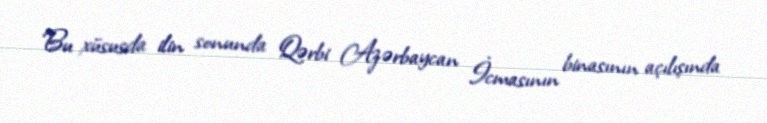
Bu xüsusda ilin sonunda Qərbi Azərbaycan İcmasının binasının açılışında
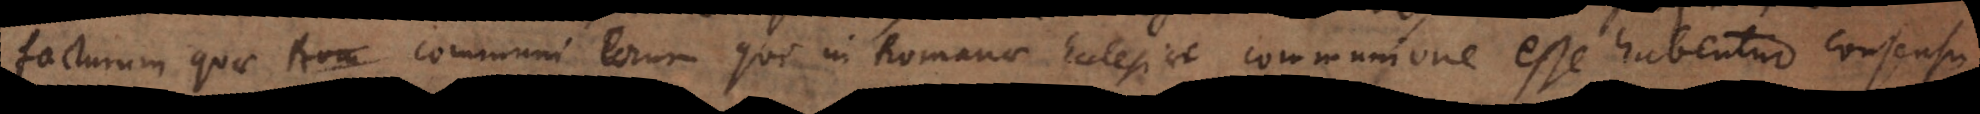
facturum quae communi eorum qui in Romanae Ecclesiae communione esse habentur consensu
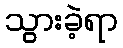
သွားခဲ့ရာ
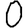
Digit: 0
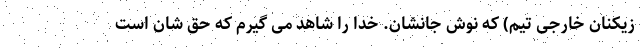
زیکنان خارجی تیم) که نوش جانشان. خدا را شاهد می گیرم که حق شان است
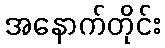
အနောက်တိုင်း
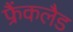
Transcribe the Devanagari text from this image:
फ्रैंकलैड
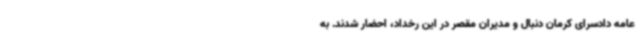
عامه دادسرای کرمان دنبال و مدیران مقصر در این رخداد، احضار شدند. به
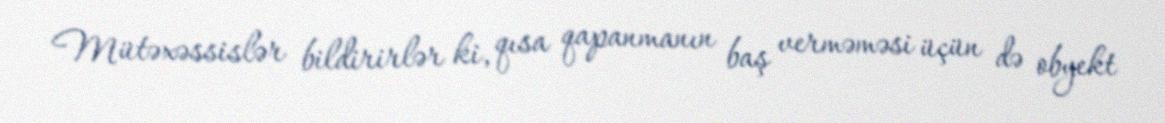
Mütəxəssislər bildirirlər ki, qısa qapanmanın baş verməməsi üçün də obyekt
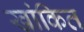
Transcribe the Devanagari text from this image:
खांकित
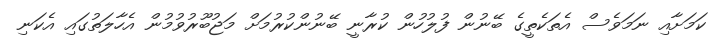
ކަމަށާއި ނަމަވެސް އެތަކެތީގެ ބޭނުން ފުލުހުން ކުރާނީ ބޭނުންކުރުމަށް މަޖުބޫރުވުމުން އެހާލަތުގައި އެކަނި
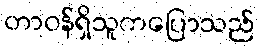
တာဝန်ရှိသူကပြောသည်
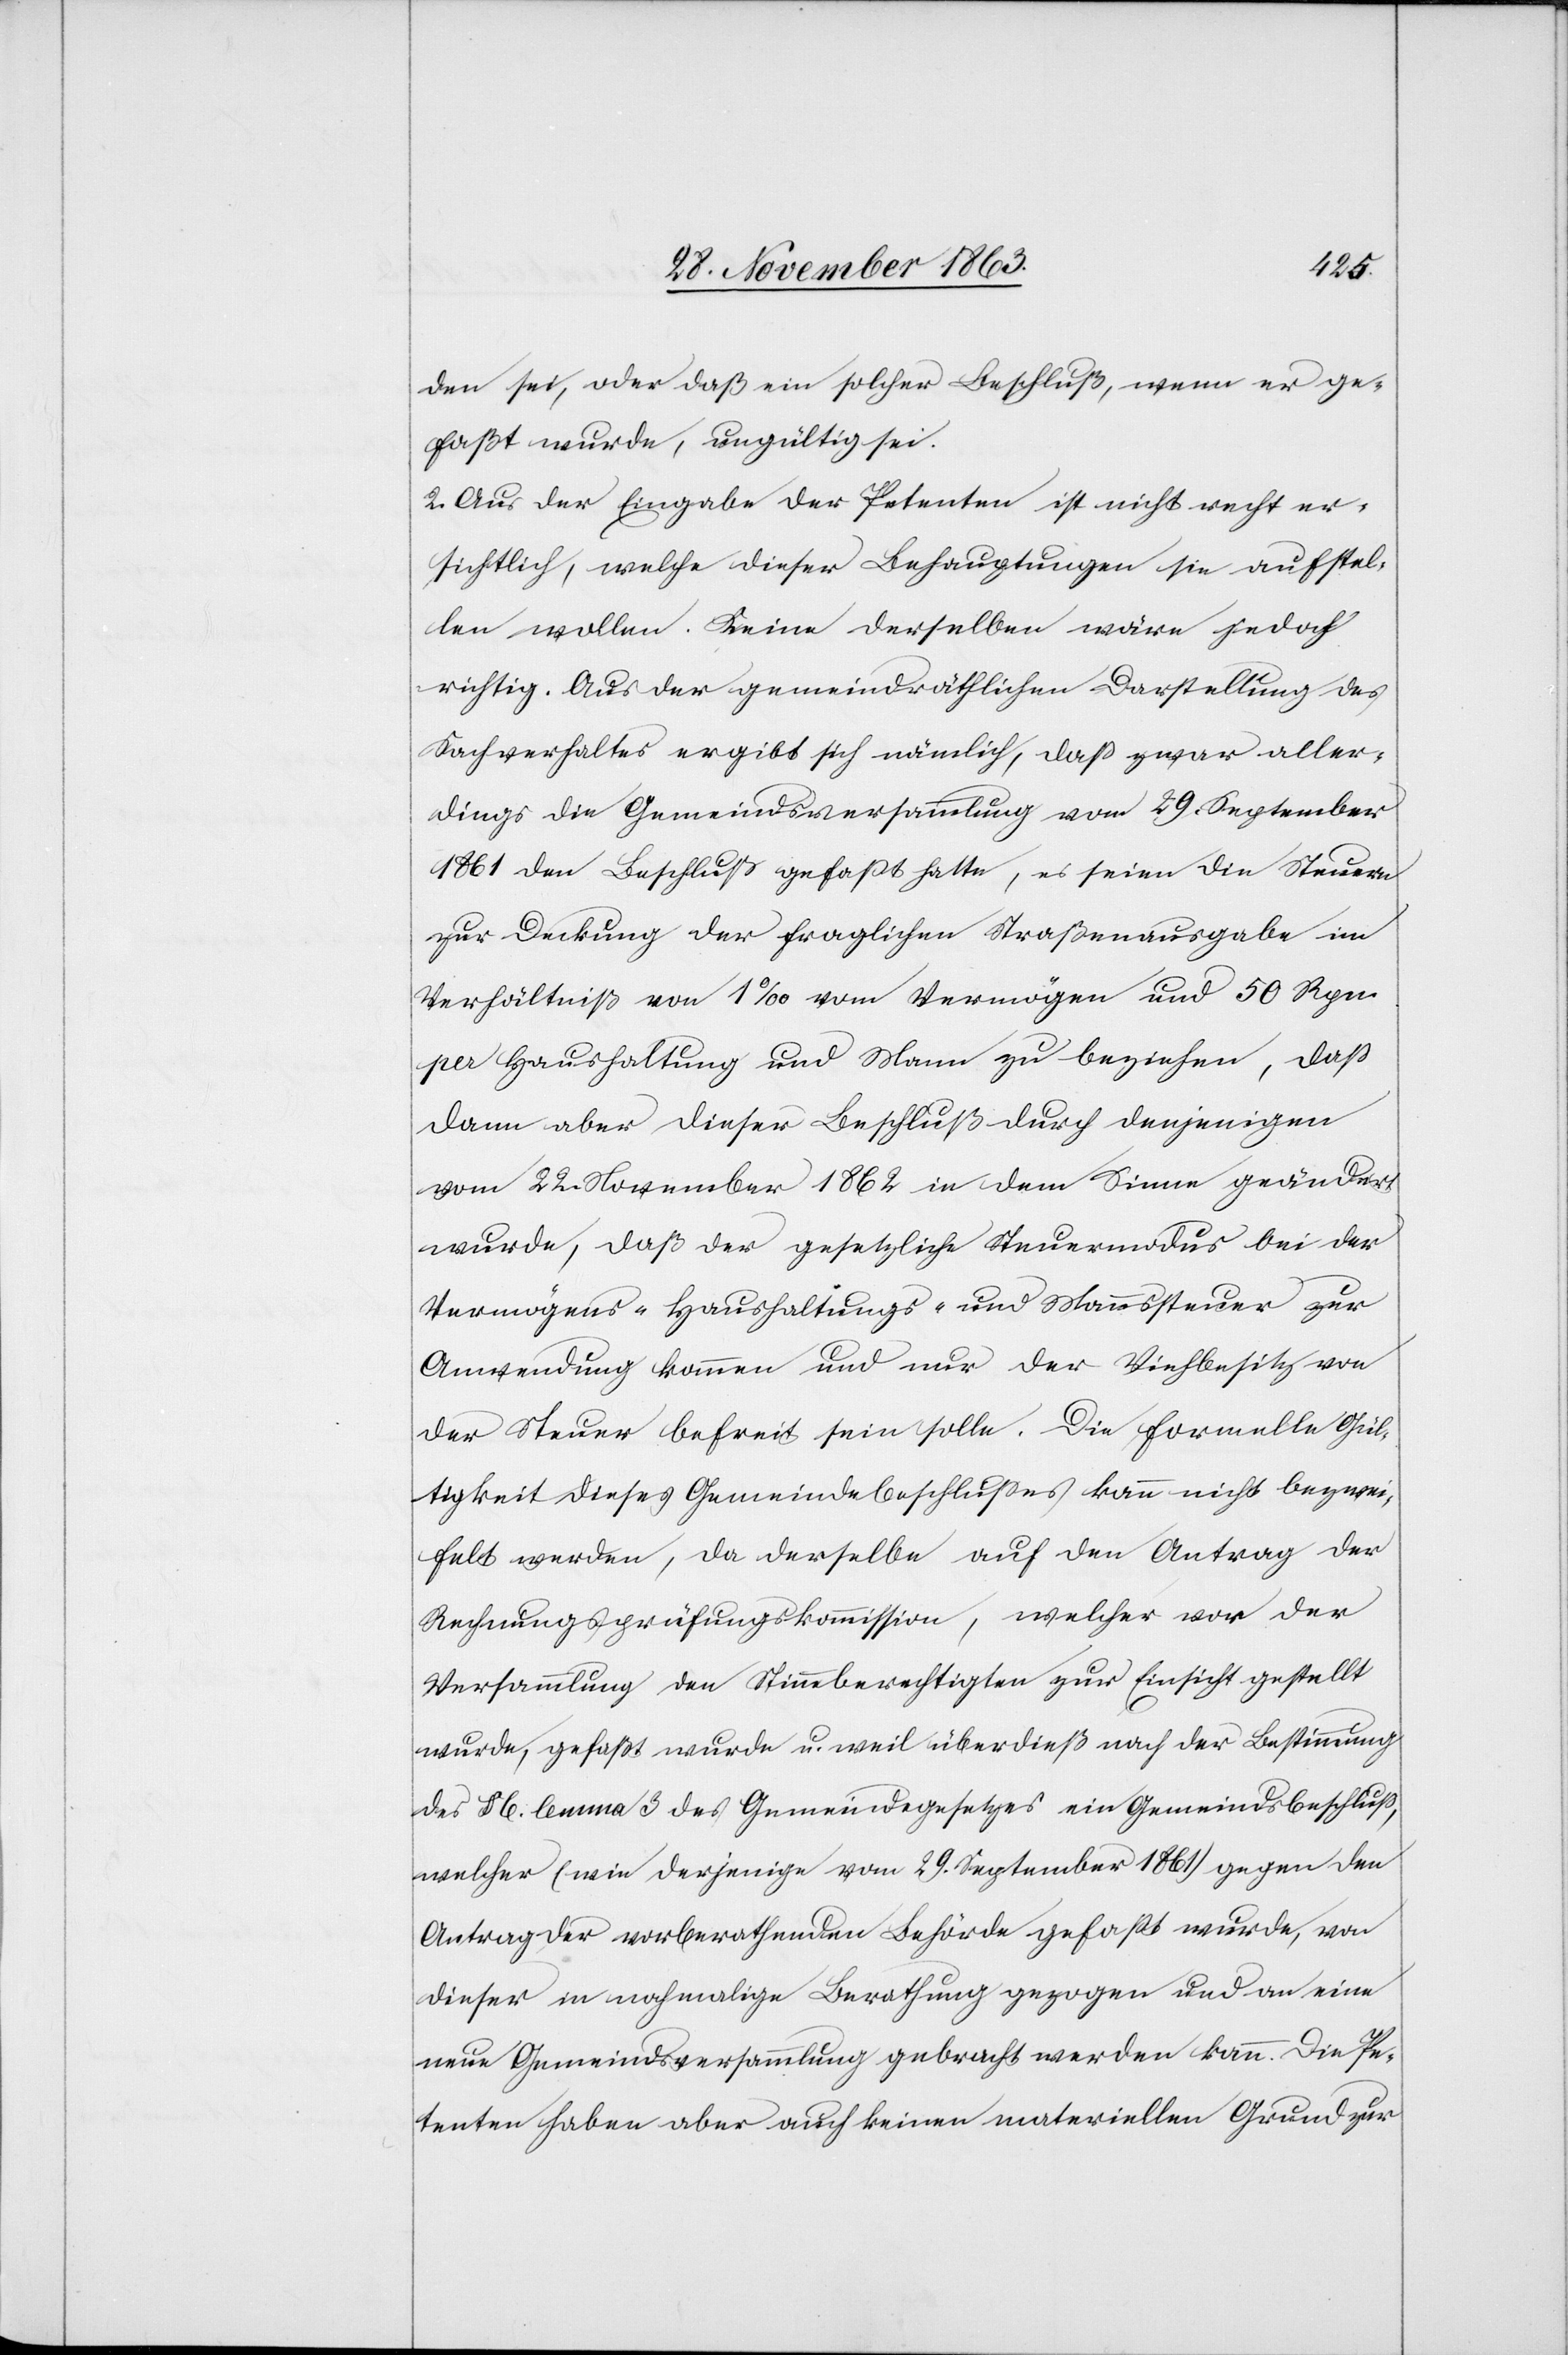
den sei, oder daß ein solcher Beschluß, wenn er ge¬
faßt wurde, ungültig sei.
2. Aus der Eingabe der Petenten ist nicht recht er¬
sichtlich, welche dieser Behauptungen sie aufstel¬
len wollen. Keine derselben wäre jedoch
richtig. Aus der gemeindräthlichen Darstellung des
Sachverhaltes ergibt sich nämlich, daß zwar aller¬
dings die Gemeindsversammlung vom 29. September
1861 den Beschluß gefasst hatte, es seien die Steuern
zur Deckung der fraglichen Straßenausgabe im
Verhältniß von 1‰ vom Vermögen und 50 Rpn.
per Haushaltung und Mann zu beziehen, daß
dann aber dieser Beschluß durch denjenigen
vom 22. November 1862 in dem Sinne geändert
wurde, daß der gesetzliche Steuermodus bei der
Vermögens-[,] Haushaltungs- und Mannssteuer zur
Anwendung kommen und nur der Viehbesitz von
der Steuer befreit sein solle. Die formelle Gül¬
tigkeit dieses Gemeindebeschlusses kann nicht bezwei¬
felt werden, da derselbe auf den Antrag der
Rechnungsprüfungskommission, welcher vor der
Versammlung den Stimmberechtigten zur Einsicht gestellt
wurde, gefaßt wurde u. weil überdieß nach der Bestimmung
des § 6. lemma 3 des Gemeindegesetzes ein Gemeindsbeschluss,
welcher (wie derjenige vom 29. September 1861) gegen den
Antrag der vorberathenden Behörde gefasst wurde, von
dieser in nochmalige Berathung gezogen und an eine
neue Gemeindsversammlung gebracht werden kann. Die Pe¬
tenten haben aber auch keinen materiellen Grund zur

ACTIVITY:
Every line of the listing should be copied precisely, with images omitted.

RESPONSE:
Bu xüsusda ilin sonunda Qərbi Azərbaycan İcmasının binasının açılışında
facturum quae communi eorum qui in Romanae Ecclesiae communione esse habentur consensu
သွားခဲ့ရာ
Digit: 0
زیکنان خارجی تیم) که نوش جانشان. خدا را شاهد می گیرم که حق شان است
အနောက်တိုင်း
Transcribe the Devanagari text from this image:
फ्रैंकलैड
عامه دادسرای کرمان دنبال و مدیران مقصر در این رخداد، احضار شدند. به
Mütəxəssislər bildirirlər ki, qısa qapanmanın baş verməməsi üçün də obyekt
Transcribe the Devanagari text from this image:
खांकित
ކަމަށާއި ނަމަވެސް އެތަކެތީގެ ބޭނުން ފުލުހުން ކުރާނީ ބޭނުންކުރުމަށް މަޖުބޫރުވުމުން އެހާލަތުގައި އެކަނި
တာဝန်ရှိသူကပြောသည်
den sei, oder daß ein solcher Beschluß, wenn er ge¬
faßt wurde, ungültig sei.
2. Aus der Eingabe der Petenten ist nicht recht er¬
sichtlich, welche dieser Behauptungen sie aufstel¬
len wollen. Keine derselben wäre jedoch
richtig. Aus der gemeindräthlichen Darstellung des
Sachverhaltes ergibt sich nämlich, daß zwar aller¬
dings die Gemeindsversammlung vom 29. September
1861 den Beschluß gefasst hatte, es seien die Steuern
zur Deckung der fraglichen Straßenausgabe im
Verhältniß von 1‰ vom Vermögen und 50 Rpn.
per Haushaltung und Mann zu beziehen, daß
dann aber dieser Beschluß durch denjenigen
vom 22. November 1862 in dem Sinne geändert
wurde, daß der gesetzliche Steuermodus bei der
Vermögens-[,] Haushaltungs- und Mannssteuer zur
Anwendung kommen und nur der Viehbesitz von
der Steuer befreit sein solle. Die formelle Gül¬
tigkeit dieses Gemeindebeschlusses kann nicht bezwei¬
felt werden, da derselbe auf den Antrag der
Rechnungsprüfungskommission, welcher vor der
Versammlung den Stimmberechtigten zur Einsicht gestellt
wurde, gefaßt wurde u. weil überdieß nach der Bestimmung
des § 6. lemma 3 des Gemeindegesetzes ein Gemeindsbeschluss,
welcher (wie derjenige vom 29. September 1861) gegen den
Antrag der vorberathenden Behörde gefasst wurde, von
dieser in nochmalige Berathung gezogen und an eine
neue Gemeindsversammlung gebracht werden kann. Die Pe¬
tenten haben aber auch keinen materiellen Grund zur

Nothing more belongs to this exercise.